- _What is being asked_: Print the lines that run from the line with "Write the height of the weigela" to the line with "[-15.722,0.513,19.551,28.842,0.045,28.386,0,3,-1]", keeping both end lines, exactly as they appear in the entries below, and nothing else.

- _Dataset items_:
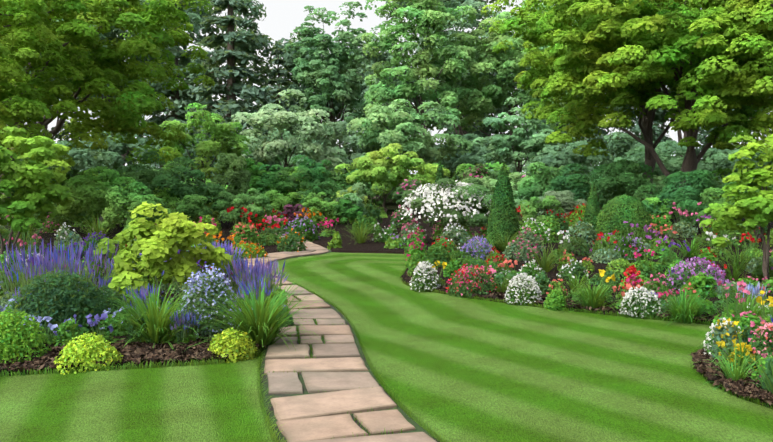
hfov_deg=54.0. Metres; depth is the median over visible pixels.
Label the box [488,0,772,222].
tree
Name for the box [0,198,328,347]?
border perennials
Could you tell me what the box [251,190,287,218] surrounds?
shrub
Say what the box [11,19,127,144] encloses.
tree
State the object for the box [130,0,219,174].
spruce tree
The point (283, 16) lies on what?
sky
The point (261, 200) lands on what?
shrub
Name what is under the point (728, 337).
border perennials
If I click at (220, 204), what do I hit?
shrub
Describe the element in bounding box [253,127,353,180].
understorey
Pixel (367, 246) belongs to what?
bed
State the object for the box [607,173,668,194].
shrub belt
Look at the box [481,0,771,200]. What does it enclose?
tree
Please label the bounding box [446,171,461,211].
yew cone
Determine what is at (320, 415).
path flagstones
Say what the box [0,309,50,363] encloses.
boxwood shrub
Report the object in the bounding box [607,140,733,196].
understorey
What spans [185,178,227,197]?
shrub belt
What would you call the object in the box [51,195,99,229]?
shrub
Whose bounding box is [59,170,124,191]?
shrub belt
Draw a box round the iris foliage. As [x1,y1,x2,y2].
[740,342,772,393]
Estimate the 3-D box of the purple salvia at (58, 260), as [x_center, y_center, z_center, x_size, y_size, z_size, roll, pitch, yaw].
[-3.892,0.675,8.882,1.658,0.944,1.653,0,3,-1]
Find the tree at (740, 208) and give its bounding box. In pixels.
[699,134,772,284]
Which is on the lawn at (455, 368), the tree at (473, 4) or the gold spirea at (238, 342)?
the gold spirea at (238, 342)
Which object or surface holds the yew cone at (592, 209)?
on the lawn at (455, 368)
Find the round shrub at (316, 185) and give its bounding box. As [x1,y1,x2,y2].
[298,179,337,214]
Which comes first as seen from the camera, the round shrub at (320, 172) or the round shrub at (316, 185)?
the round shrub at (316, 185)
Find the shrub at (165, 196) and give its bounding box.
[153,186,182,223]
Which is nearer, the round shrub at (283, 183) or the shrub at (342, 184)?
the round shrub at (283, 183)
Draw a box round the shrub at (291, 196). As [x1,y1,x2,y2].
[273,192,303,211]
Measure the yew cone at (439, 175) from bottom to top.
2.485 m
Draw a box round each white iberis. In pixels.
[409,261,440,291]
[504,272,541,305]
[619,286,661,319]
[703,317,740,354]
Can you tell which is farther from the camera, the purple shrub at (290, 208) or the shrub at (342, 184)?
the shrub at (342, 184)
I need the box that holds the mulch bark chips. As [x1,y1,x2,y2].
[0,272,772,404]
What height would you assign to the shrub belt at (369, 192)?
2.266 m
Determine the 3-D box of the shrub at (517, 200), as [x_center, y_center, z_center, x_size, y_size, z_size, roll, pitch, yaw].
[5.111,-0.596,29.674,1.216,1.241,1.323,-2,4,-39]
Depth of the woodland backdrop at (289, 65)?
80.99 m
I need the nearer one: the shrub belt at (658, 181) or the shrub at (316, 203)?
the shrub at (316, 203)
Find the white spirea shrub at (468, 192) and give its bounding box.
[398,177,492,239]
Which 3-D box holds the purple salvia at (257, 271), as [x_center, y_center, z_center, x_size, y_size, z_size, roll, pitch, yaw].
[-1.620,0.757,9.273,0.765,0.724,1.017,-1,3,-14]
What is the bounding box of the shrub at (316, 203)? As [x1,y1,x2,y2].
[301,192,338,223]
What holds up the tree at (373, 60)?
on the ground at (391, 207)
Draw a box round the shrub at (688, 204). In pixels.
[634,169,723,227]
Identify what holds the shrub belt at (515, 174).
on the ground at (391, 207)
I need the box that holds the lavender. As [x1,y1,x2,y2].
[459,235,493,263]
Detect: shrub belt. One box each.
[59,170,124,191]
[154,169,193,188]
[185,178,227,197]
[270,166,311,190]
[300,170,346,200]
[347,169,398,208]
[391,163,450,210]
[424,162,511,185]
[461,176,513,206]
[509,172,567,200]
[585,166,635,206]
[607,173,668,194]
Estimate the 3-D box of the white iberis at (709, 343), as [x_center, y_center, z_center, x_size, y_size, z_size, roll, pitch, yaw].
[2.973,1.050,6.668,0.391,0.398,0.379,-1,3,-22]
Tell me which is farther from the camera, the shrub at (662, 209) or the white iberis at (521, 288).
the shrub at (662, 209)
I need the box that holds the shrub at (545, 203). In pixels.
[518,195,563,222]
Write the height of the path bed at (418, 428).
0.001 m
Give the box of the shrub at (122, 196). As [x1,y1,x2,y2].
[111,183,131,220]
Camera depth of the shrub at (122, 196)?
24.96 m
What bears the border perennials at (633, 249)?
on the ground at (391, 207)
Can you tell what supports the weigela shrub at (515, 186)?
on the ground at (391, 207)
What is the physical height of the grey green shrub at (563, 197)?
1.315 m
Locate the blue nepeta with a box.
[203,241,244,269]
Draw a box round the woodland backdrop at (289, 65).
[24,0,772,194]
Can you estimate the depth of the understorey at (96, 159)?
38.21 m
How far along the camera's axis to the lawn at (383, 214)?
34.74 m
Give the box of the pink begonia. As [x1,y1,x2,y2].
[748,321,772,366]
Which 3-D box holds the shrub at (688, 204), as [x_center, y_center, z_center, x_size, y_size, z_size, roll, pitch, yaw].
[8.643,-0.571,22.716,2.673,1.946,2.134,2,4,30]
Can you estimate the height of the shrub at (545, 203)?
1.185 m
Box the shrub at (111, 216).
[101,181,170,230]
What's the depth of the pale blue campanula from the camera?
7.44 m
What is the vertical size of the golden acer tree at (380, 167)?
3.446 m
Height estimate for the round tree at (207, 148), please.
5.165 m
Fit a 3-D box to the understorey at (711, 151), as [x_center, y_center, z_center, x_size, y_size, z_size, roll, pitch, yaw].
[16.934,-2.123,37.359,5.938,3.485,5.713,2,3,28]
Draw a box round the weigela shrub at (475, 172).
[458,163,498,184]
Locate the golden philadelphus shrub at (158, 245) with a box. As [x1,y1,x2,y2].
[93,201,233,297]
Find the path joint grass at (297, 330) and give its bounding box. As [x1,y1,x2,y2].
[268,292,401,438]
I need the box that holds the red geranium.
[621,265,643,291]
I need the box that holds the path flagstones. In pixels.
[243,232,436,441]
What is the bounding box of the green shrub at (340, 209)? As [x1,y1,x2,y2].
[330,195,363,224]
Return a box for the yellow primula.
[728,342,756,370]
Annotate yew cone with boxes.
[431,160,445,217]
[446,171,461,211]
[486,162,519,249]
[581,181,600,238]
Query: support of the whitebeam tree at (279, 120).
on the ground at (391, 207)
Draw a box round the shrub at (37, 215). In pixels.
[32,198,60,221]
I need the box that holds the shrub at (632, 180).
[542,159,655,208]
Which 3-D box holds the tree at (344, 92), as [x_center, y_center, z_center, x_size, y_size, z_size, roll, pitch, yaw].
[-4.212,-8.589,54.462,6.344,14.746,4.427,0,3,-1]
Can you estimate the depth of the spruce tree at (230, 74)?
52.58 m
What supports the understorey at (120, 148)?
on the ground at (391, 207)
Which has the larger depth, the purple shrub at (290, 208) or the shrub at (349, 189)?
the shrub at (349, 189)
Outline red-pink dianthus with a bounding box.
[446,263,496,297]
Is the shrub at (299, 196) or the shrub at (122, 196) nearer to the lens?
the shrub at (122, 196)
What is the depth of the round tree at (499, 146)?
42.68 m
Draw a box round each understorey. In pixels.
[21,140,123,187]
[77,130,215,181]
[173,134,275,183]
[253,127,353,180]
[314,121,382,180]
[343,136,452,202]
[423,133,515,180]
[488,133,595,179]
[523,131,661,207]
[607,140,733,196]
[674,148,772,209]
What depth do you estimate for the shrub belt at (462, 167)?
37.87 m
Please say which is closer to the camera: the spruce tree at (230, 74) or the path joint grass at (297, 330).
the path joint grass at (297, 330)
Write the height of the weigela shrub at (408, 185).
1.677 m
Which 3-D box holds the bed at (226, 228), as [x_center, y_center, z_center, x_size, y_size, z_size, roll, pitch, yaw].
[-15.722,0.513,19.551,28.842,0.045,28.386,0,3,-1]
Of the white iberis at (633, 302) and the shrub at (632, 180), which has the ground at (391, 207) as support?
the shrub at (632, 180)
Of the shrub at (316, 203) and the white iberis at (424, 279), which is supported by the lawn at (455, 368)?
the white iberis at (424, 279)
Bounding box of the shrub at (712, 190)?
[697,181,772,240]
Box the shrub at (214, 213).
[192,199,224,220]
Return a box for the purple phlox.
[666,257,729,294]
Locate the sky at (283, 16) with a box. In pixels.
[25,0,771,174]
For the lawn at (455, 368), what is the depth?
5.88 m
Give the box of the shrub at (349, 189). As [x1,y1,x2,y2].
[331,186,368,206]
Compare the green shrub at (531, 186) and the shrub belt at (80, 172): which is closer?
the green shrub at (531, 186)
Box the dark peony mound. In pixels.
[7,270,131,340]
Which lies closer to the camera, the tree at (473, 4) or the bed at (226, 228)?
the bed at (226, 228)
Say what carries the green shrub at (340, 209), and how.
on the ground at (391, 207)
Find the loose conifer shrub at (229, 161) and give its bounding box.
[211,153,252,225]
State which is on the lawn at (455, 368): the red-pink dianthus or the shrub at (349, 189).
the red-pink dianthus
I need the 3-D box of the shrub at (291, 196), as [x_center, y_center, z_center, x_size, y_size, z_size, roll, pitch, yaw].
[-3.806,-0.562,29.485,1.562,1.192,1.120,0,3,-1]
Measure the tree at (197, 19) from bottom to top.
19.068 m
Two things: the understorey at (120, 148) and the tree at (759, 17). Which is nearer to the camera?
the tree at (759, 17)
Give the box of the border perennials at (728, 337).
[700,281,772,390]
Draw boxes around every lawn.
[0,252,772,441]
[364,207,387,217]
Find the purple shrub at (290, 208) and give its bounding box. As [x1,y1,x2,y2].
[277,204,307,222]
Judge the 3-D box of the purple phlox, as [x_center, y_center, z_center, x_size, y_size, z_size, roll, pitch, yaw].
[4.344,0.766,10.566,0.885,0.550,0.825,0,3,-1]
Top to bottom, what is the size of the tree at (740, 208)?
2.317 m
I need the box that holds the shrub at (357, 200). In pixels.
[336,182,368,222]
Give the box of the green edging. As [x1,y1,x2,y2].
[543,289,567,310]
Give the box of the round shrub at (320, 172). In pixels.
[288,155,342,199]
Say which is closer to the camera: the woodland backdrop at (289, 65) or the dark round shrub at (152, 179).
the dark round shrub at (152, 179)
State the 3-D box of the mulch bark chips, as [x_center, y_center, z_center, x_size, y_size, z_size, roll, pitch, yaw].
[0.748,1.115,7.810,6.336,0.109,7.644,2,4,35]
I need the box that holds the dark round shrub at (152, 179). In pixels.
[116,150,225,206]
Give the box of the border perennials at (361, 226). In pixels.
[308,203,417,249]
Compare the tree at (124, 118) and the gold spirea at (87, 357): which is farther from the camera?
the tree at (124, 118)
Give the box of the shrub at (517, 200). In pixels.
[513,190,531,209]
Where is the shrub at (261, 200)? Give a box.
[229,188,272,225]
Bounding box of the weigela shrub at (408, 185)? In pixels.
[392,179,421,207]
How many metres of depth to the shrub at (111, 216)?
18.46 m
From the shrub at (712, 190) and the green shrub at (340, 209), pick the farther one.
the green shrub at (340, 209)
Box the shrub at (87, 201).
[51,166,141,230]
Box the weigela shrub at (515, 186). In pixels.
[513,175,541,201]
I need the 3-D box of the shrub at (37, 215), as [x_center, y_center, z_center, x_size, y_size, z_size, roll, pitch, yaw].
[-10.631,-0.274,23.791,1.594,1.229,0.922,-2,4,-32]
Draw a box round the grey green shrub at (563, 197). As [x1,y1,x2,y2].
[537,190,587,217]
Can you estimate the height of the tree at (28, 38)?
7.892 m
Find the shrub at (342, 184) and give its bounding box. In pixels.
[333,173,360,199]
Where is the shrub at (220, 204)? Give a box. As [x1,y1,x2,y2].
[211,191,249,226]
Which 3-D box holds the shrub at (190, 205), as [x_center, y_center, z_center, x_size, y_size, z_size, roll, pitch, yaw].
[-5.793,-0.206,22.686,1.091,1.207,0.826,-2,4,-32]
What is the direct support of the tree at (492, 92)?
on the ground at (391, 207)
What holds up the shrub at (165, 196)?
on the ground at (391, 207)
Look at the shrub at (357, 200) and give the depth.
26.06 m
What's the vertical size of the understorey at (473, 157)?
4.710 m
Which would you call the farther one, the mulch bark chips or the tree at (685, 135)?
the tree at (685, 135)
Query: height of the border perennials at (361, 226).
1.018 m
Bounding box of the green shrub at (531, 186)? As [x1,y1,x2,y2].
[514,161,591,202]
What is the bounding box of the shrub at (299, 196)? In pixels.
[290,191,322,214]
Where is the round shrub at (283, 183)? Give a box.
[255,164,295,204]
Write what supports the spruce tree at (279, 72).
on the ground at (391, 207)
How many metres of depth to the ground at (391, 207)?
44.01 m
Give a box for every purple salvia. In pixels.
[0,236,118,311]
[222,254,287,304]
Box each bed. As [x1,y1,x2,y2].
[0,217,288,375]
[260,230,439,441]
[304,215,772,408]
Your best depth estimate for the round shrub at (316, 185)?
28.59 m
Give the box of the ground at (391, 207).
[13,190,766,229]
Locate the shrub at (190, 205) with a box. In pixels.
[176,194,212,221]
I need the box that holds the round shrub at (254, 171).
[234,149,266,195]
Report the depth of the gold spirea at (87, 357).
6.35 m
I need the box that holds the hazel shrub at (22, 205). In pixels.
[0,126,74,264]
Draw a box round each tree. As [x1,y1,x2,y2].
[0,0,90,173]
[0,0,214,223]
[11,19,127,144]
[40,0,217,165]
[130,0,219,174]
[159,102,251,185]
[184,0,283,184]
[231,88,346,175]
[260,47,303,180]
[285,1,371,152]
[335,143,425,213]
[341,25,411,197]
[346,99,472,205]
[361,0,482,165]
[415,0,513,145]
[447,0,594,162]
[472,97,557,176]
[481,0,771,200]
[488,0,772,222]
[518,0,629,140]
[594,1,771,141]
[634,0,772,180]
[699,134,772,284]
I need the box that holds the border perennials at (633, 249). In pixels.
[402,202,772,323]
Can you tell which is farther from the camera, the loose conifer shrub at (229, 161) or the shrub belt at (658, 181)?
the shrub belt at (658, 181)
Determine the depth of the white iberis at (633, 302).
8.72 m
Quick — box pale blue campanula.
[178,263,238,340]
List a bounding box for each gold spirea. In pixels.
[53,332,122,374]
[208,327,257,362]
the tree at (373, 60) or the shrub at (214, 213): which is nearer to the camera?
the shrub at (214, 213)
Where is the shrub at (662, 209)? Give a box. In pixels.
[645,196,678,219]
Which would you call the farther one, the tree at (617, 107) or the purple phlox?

- _Solution_:
Write the height of the weigela shrub at (408, 185).
1.677 m
Which 3-D box holds the bed at (226, 228), as [x_center, y_center, z_center, x_size, y_size, z_size, roll, pitch, yaw].
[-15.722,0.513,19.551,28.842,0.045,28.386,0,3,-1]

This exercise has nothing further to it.